_Records for processing:_
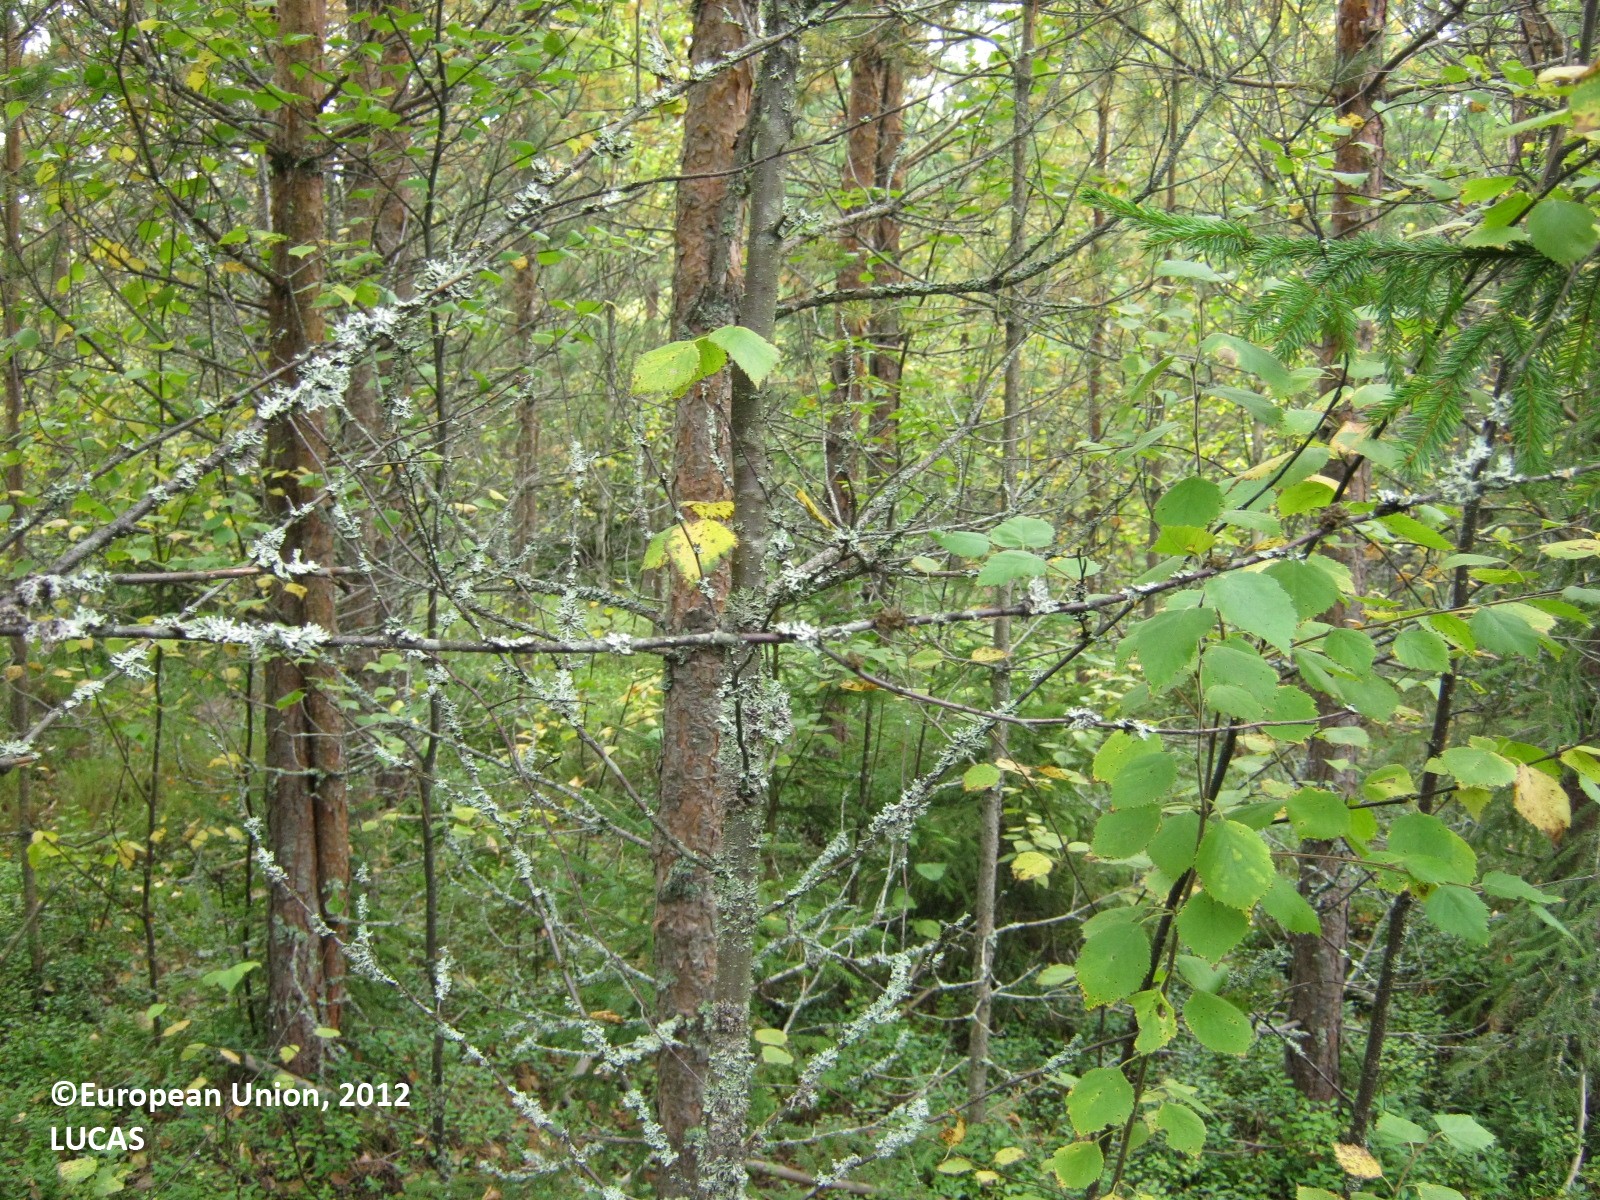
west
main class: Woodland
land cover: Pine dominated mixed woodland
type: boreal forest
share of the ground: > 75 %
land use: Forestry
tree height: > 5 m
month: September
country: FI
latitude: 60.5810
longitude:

_The task:_ Your copy should match the records above exactly, apart from the pictures, which stay out.

_Written solution:_
west
main class: Woodland
land cover: Pine dominated mixed woodland
type: boreal forest
share of the ground: > 75 %
land use: Forestry
tree height: > 5 m
month: September
country: FI
latitude: 60.5810
longitude:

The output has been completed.